Data extract:
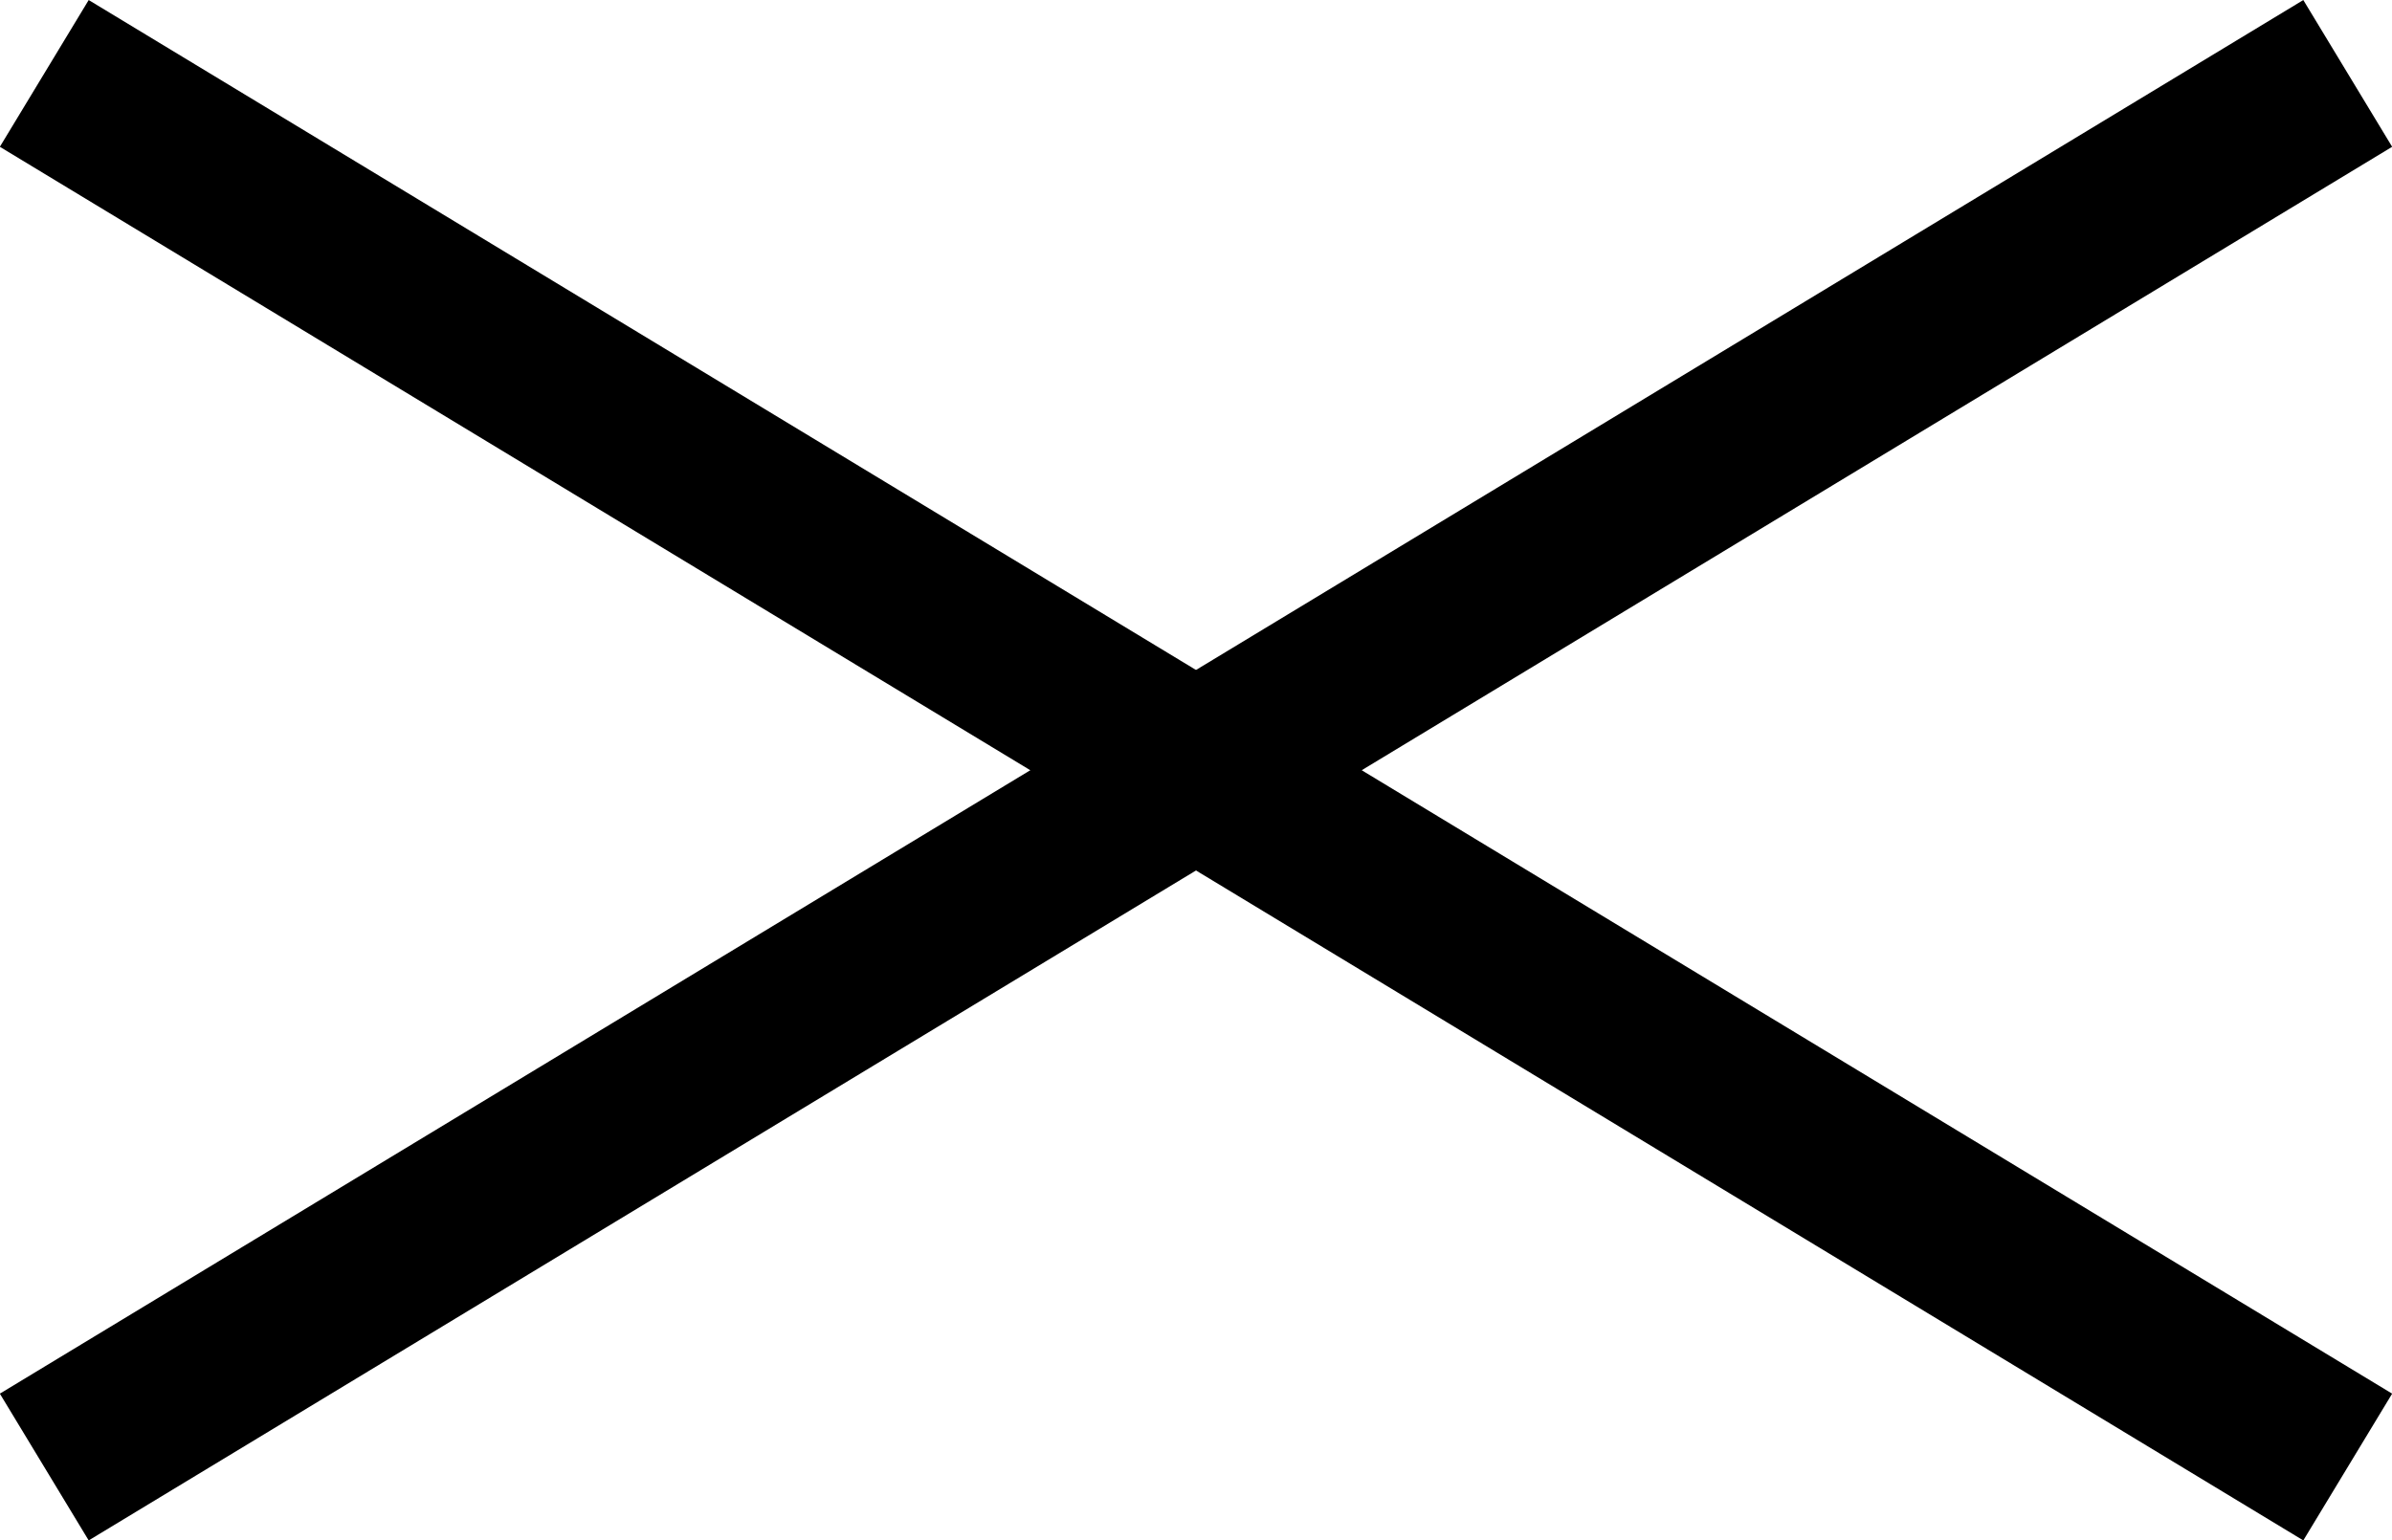 <?xml version="1.0" encoding="UTF-8"?>
<svg id="_圖層_2" data-name="圖層 2" xmlns="http://www.w3.org/2000/svg" viewBox="0 0 69.7 44.9">
  <defs>
    <style>
      .cls-1 {
        fill: none;
        stroke: #000;
        stroke-miterlimit: 10;
        stroke-width: 5px;
      }
    </style>
  </defs>
  <g id="menu">
    <g>
      <line class="cls-1" x1="1.29" y1="2.14" x2="68.41" y2="42.76"/>
      <line class="cls-1" x1="68.41" y1="2.14" x2="1.29" y2="42.76"/>
    </g>
  </g>
</svg>

Problem:
Show me each line of the listing above with "class" in it.

Reply to the exercise:
      <line class="cls-1" x1="1.29" y1="2.14" x2="68.41" y2="42.76"/>
      <line class="cls-1" x1="68.41" y1="2.14" x2="1.29" y2="42.76"/>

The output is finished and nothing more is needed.